Marinai identifies an internal contradiction in the decision itself. The Court cites the United Sections of Cassation of 2022, which state that the status civitatis has a “permanent and imprescriptible character, and may be claimed at any time based on the simple proof of birth as an Italian citizen.” But, according to the professor, the Court omits the immediately preceding passage of the same decisions, which clarifies that “citizenship by fact of birth is acquired by original title.”

For Marinai, the consequence is serious: “the characterization of the rule as 'non-retroactive acquisition' is not adequate to describe its real effects. The rule affects a status that, under the previous rules, had already been consolidated at the time of birth — retroactively depriving it of legal relevance.”

European law reduced to a formal guarantee.

Marinai identifies a second serious problem in the way the Constitutional Court has treated European Union law. Although the Court recognizes that the discipline of citizenship must respect Articles 9 of the TEU and 20 of the TFEU, it limits its application to cases where status has already been formally certified.

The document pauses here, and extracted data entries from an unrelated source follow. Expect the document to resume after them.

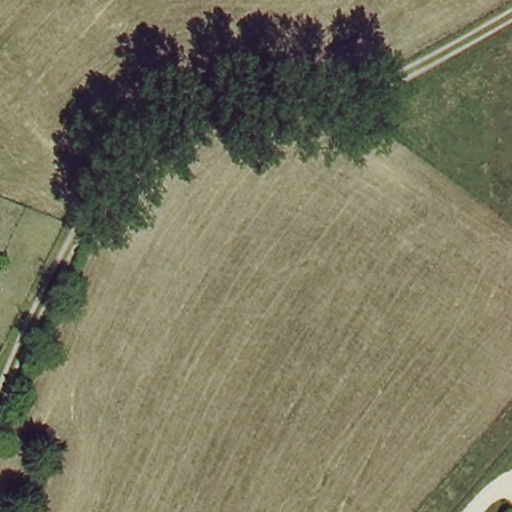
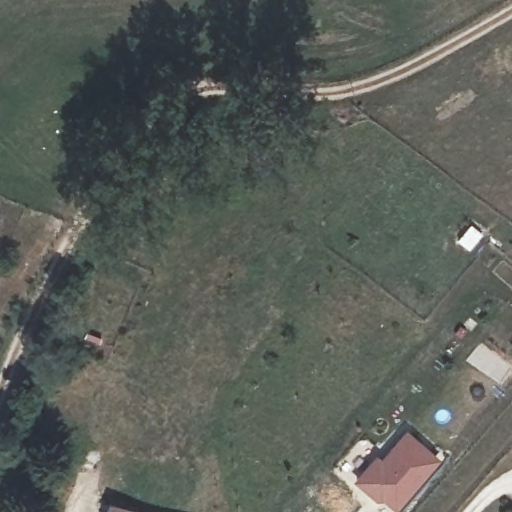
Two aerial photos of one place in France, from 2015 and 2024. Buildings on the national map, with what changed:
new [(376,453),(382,458),(405,430),(441,459),(395,510),(380,497),(377,502),(353,480),(376,453)]
new [(110,502),(153,512),(108,512),(110,502)]

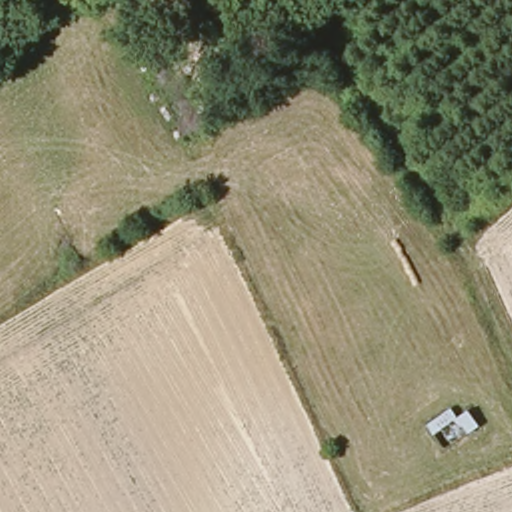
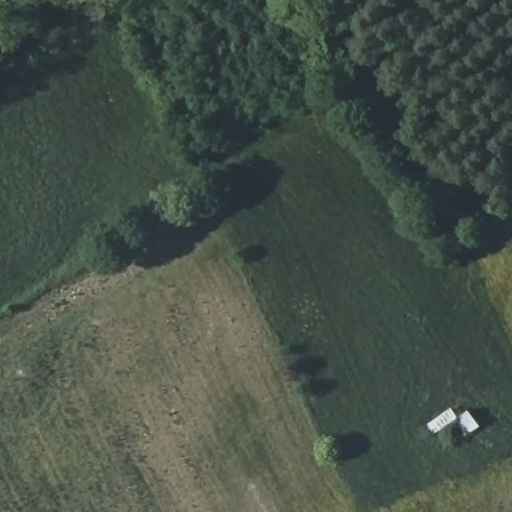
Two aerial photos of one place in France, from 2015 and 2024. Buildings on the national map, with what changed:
unchanged [(429,427),(456,408),(463,417),(472,410),(485,428),(450,453),(429,427)]

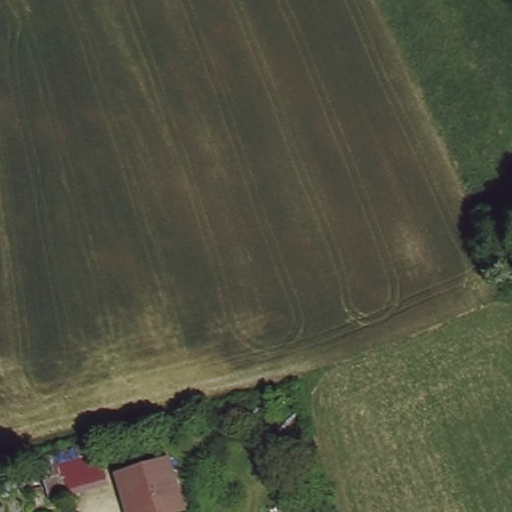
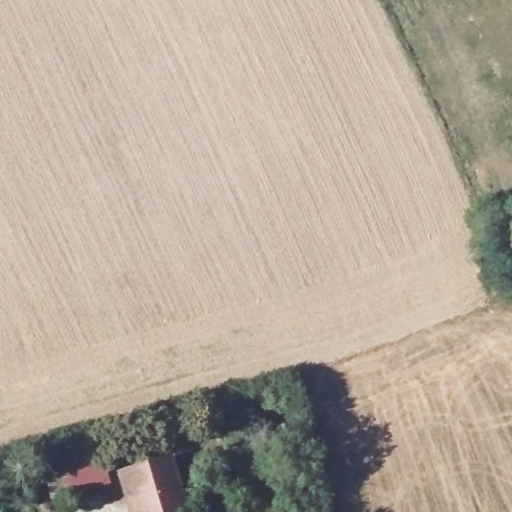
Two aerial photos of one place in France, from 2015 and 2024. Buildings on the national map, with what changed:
unchanged [(105,478),(71,488),(63,462),(100,455),(105,478)]
unchanged [(186,505),(162,512),(133,512),(121,473),(131,470),(171,459),(186,505)]

According to the professor, this choice "risks significantly reducing the scope of protection offered by Articles 9 of the TEU and 20 of the TFEU, removing from the control of European law a category of situations that, although not formally consolidated, exhibit a high degree of stability in substantive terms."

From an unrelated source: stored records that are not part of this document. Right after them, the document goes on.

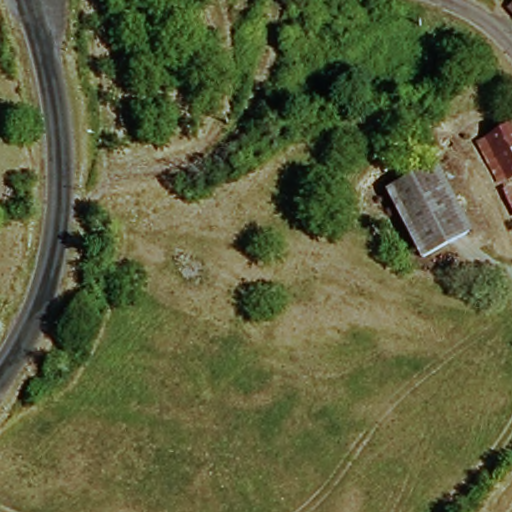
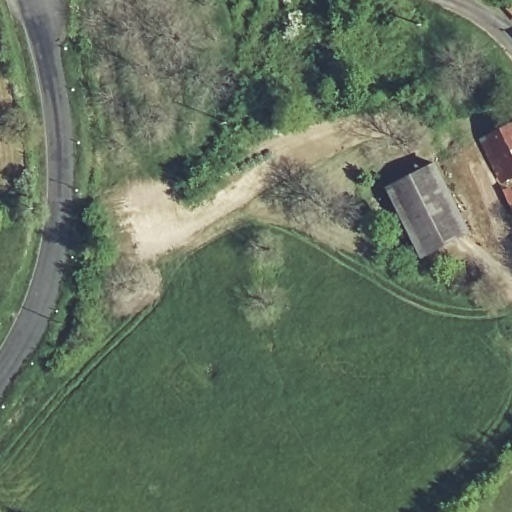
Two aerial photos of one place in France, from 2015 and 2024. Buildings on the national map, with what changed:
unchanged [(478,142),(512,124),(512,180),(501,186),(478,142)]
unchanged [(387,192),(432,167),(468,230),(423,256),(387,192)]

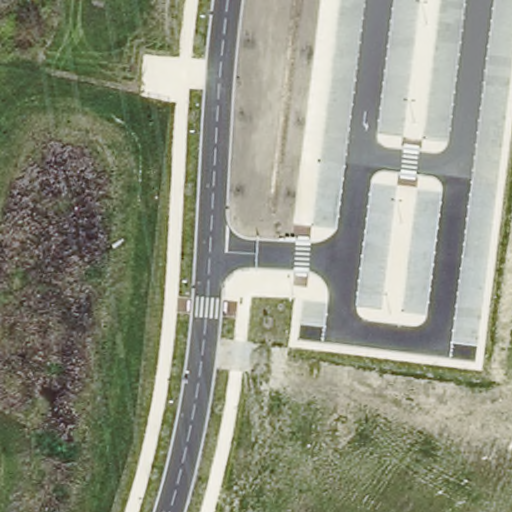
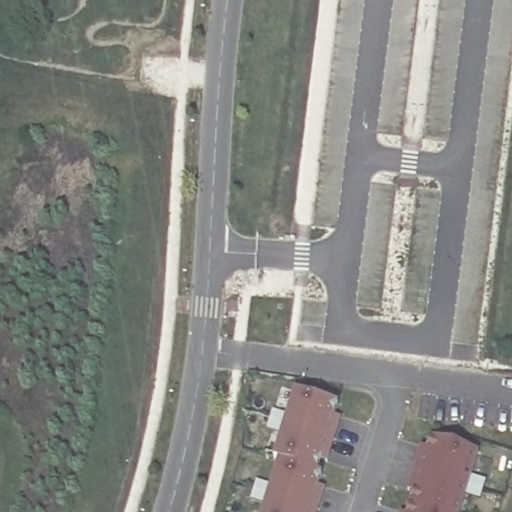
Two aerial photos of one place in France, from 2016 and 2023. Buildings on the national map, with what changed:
new [(336,401),(330,420),(337,422),(327,452),(321,450),(315,469),(320,471),(314,490),(320,492),(314,512),(261,512),(277,458),(272,456),(294,388),(336,401)]
new [(477,450),(458,512),(406,512),(415,483),(410,481),(419,451),(425,453),(430,435),(477,450)]

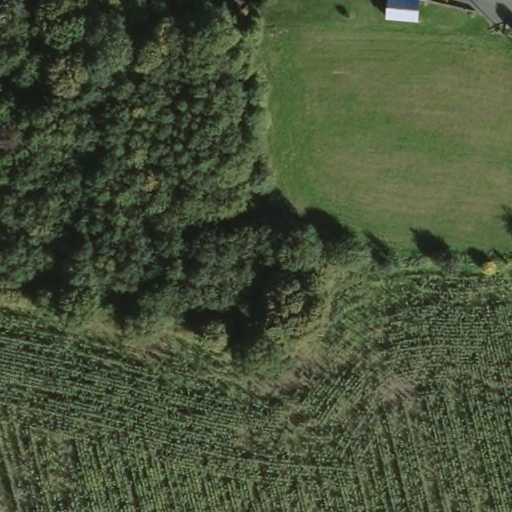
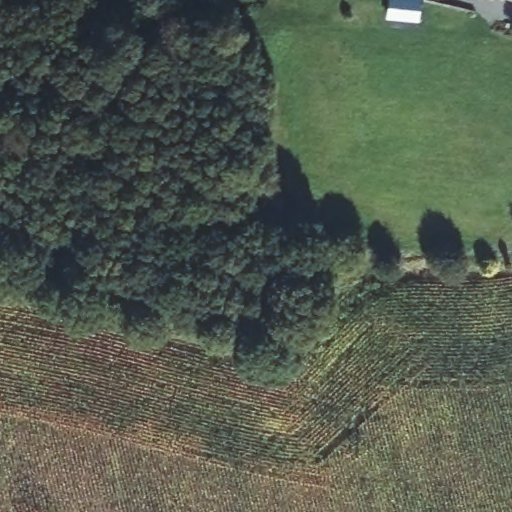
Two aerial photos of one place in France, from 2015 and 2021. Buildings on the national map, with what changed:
unchanged [(417,3),(414,25),(386,20),(374,18),(376,0),(384,0),(388,1),(388,0),(406,0),(417,3)]
unchanged [(491,0),(509,0),(508,5),(491,0)]

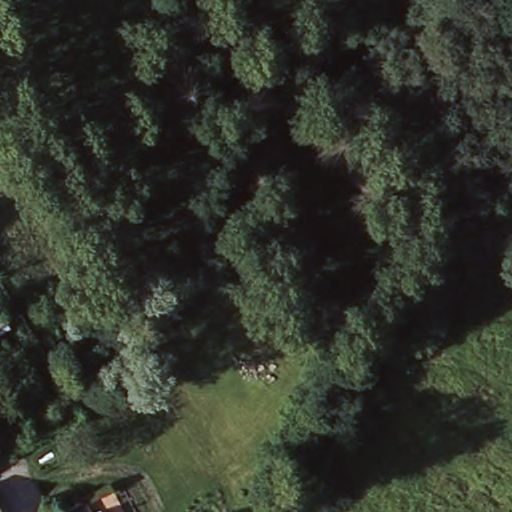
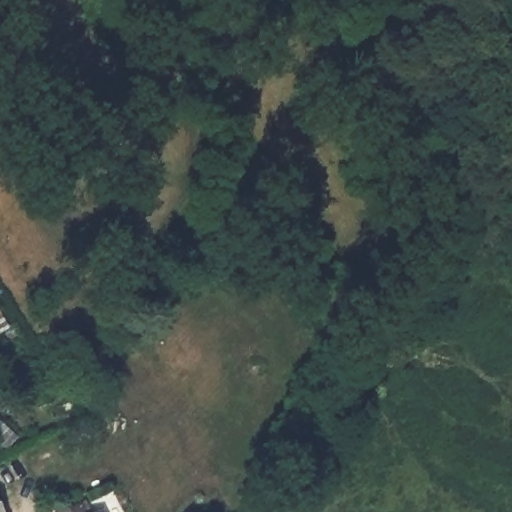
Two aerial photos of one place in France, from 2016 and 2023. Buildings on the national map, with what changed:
unchanged [(78,512),(59,512),(75,504),(78,512)]
unchanged [(92,512),(89,512),(92,511),(92,512)]

The result, according to Marinai, is “a strongly mediated conception of European citizenship: it does not operate as a substantial limit to the retroactive redefinition of the conditions of national citizenship, but only as a guarantee against the loss of a national status that has already been formally recognized.”

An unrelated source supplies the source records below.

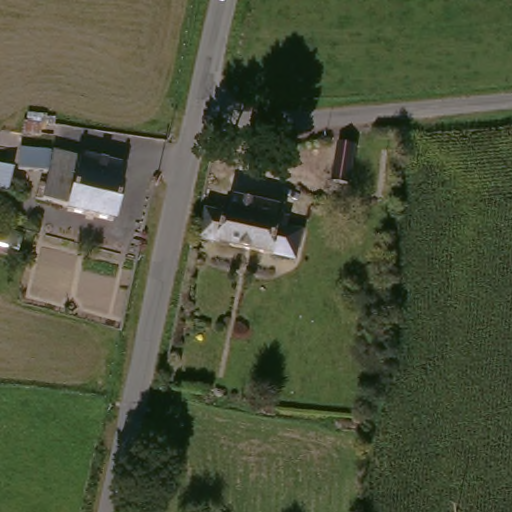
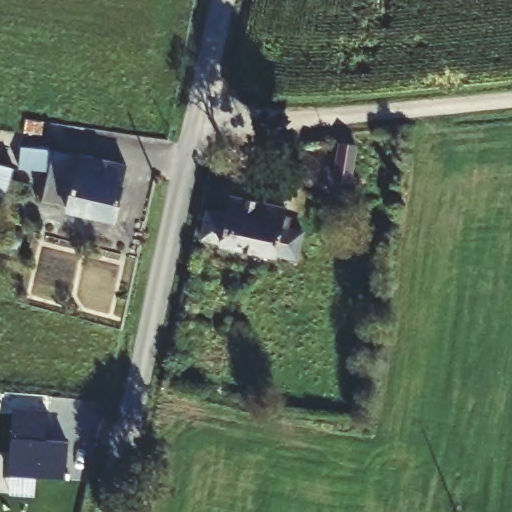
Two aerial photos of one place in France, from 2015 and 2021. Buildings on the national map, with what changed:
unchanged [(280,170),(279,163),(268,165),(266,151),(277,150),(312,145),(320,145),(321,155),(313,155),(315,165),(280,170)]
unchanged [(4,150),(0,167),(0,150),(4,150)]
unchanged [(321,205),(337,151),(349,155),(333,209),(321,205)]
unchanged [(93,158),(137,168),(125,227),(78,217),(80,205),(55,199),(60,180),(31,174),(35,155),(64,161),(91,167),(93,158)]
unchanged [(0,188),(0,167),(22,172),(19,192),(0,188)]
unchanged [(190,248),(199,208),(226,213),(229,199),(276,209),(273,224),(266,264),(190,248)]
unchanged [(266,264),(273,224),(297,229),(291,269),(266,264)]
new [(49,410),(46,440),(69,442),(65,480),(7,476),(13,407),(49,410)]

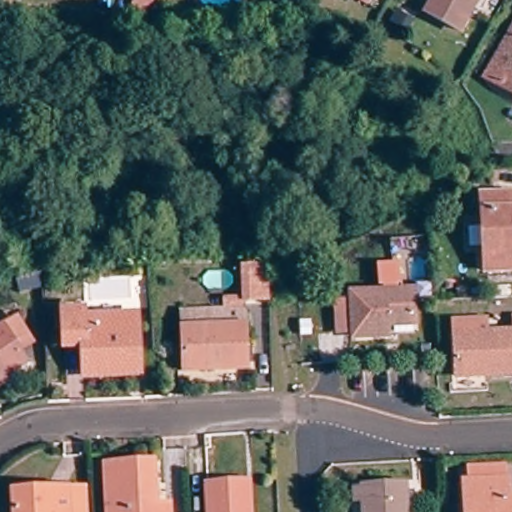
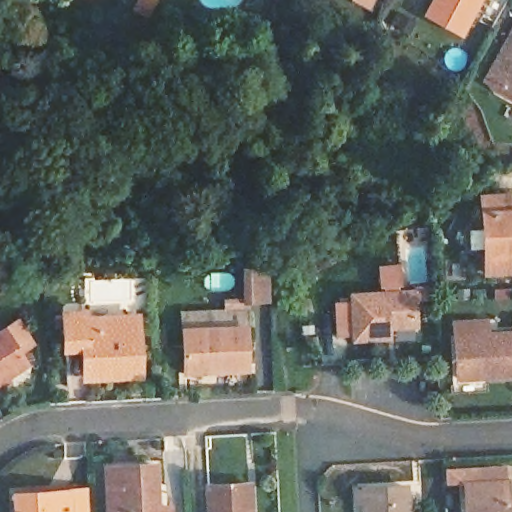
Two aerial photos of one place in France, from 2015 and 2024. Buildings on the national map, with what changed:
unchanged [(130,25),(132,21),(134,18),(144,0),(157,8),(147,25),(144,31),(130,25)]
unchanged [(354,0),(366,0),(363,5),(354,0)]
unchanged [(484,0),(463,38),(427,19),(415,12),(421,0),(484,0)]
unchanged [(512,22),(512,94),(481,78),(512,22)]
unchanged [(455,271),(454,251),(484,250),(482,209),(511,208),(512,223),(512,268),(485,270),(455,271)]
unchanged [(415,327),(386,329),(388,340),(355,343),(353,336),(335,338),(333,307),(352,305),(351,300),(380,297),(378,277),(400,275),(402,295),(412,294),(415,327)]
unchanged [(178,314),(241,308),(244,327),(180,333),(178,314)]
unchanged [(80,382),(79,349),(59,352),(59,314),(78,314),(77,322),(134,318),(133,377),(80,382)]
unchanged [(450,342),(450,323),(485,320),(485,340),(512,337),(512,379),(452,385),(450,342)]
unchanged [(0,382),(0,329),(1,328),(11,322),(30,349),(19,356),(25,365),(0,382)]
unchanged [(182,378),(180,333),(244,327),(245,372),(182,378)]
unchanged [(104,463),(149,460),(150,500),(168,501),(168,512),(105,512),(104,463)]
unchanged [(457,491),(465,491),(463,478),(498,475),(500,487),(502,504),(512,502),(512,512),(459,512),(457,491)]
unchanged [(9,487),(59,485),(59,484),(63,484),(83,483),(83,494),(84,512),(9,512),(9,487)]
unchanged [(358,503),(348,505),(346,490),(357,489),(400,483),(403,512),(359,512),(358,503)]
unchanged [(206,489),(250,487),(251,512),(207,512),(206,489)]

Proportionality without individual examination

A third weakness pointed out by Marinai concerns the absence of any mechanism for individual assessment. The rule operates automatically and in a generalized way on an indeterminate plurality of people. For the professor, "the absence of any form of individual examination is in tension with the obligation, affirmed by the Court of Justice, to proceed with a case-by-case assessment of the consequences of the measure, considering the personal and family situation of the person concerned and the impact on the rights derived from European citizenship."

The so-called "compensatory measures" of the Tajani Decree are also criticized. According to Marinai, "these measures do not compensate for the incision on status, but rather presuppose it, offering an alternative channel of access to status that is not legally equivalent to the original entitlement."

The choice not to consult the Court of Justice

Marinai also criticizes the Constitutional Court's decision not to refer a preliminary ruling to the Court of Justice of the European Union. According to the professor, the option taken "closes the confrontation on the assumption that the distinction between certified and non-certified status is sufficient to exclude the application of European law, without consulting the Court of Justice on the soundness of this distinction in light of the function of European citizenship as a fundamental status."

Final considerations

At the close of contributionMarinai lists the weaknesses that the ruling leaves unanswered: “the extensive use of the principle of effectiveness; the underestimation of the declaratory nature of the recognition of status; the generalized presumption of the absence of an effective link; the qualification of alternative measures as compensatory, without guaranteeing the true continuity of status; the weakness of the arguments on the predictability of retroactivity; and the choice not to trigger a preliminary ruling in the face of issues not fully resolved by European case law.”

The debate, therefore, is far from over. The courts of Mantua and Campobasso have public hearing scheduled for June 9, 2026 Regarding the same legislation. And the Sezioni Unite of the Court of Cassation are still waiting to deliver their decision — expected by mid-June.

Source: Simone Mariners, “Cittadinanza iure sanguinis e diritto dell'Unione: la Corte costituzionale e la riforma della cittadinanza italiana”, Eurojus, Issue n. 2 – 2026, rivista.eurojus.it. Associate Professor of European Union Law, University of Pisa.